*COLLECTED MATERIAL:*

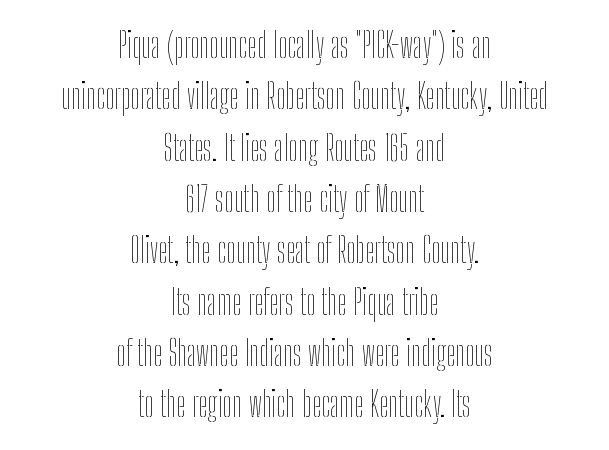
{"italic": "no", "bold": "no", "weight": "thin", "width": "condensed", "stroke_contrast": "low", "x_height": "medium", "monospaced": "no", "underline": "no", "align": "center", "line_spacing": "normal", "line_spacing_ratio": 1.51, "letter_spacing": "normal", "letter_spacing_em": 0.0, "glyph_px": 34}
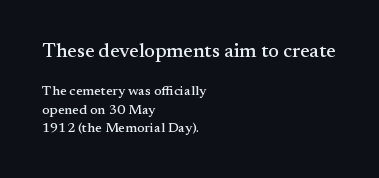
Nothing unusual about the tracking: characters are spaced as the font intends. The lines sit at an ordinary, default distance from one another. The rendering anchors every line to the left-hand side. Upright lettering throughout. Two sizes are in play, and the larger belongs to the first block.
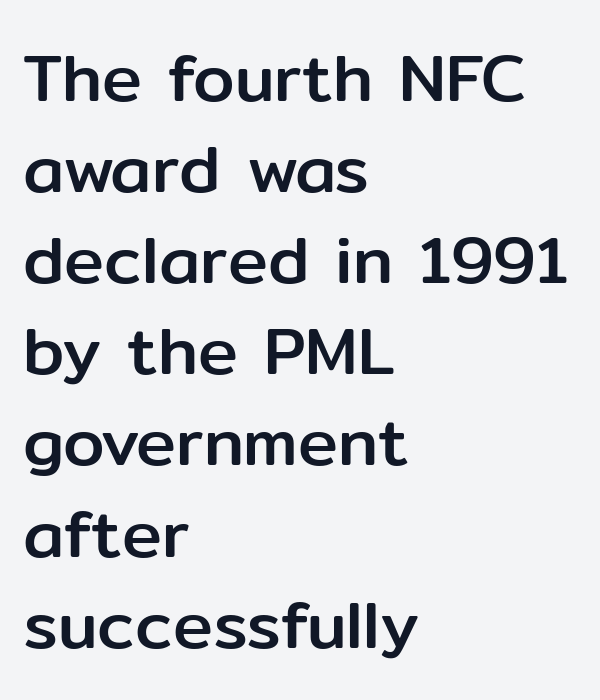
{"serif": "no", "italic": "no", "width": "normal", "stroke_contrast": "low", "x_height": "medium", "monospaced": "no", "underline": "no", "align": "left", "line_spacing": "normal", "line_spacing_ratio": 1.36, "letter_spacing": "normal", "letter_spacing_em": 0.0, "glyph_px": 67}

*YOUR OBJECTIVE:* Return all the material exactly, skipping pictures.

*WRITTEN RESPONSE:*
{"italic": "no", "bold": "no", "weight": "thin", "width": "condensed", "stroke_contrast": "low", "x_height": "medium", "monospaced": "no", "underline": "no", "align": "center", "line_spacing": "normal", "line_spacing_ratio": 1.51, "letter_spacing": "normal", "letter_spacing_em": 0.0, "glyph_px": 34}
Nothing unusual about the tracking: characters are spaced as the font intends. The lines sit at an ordinary, default distance from one another. The rendering anchors every line to the left-hand side. Upright lettering throughout. Two sizes are in play, and the larger belongs to the first block.
{"serif": "no", "italic": "no", "width": "normal", "stroke_contrast": "low", "x_height": "medium", "monospaced": "no", "underline": "no", "align": "left", "line_spacing": "normal", "line_spacing_ratio": 1.36, "letter_spacing": "normal", "letter_spacing_em": 0.0, "glyph_px": 67}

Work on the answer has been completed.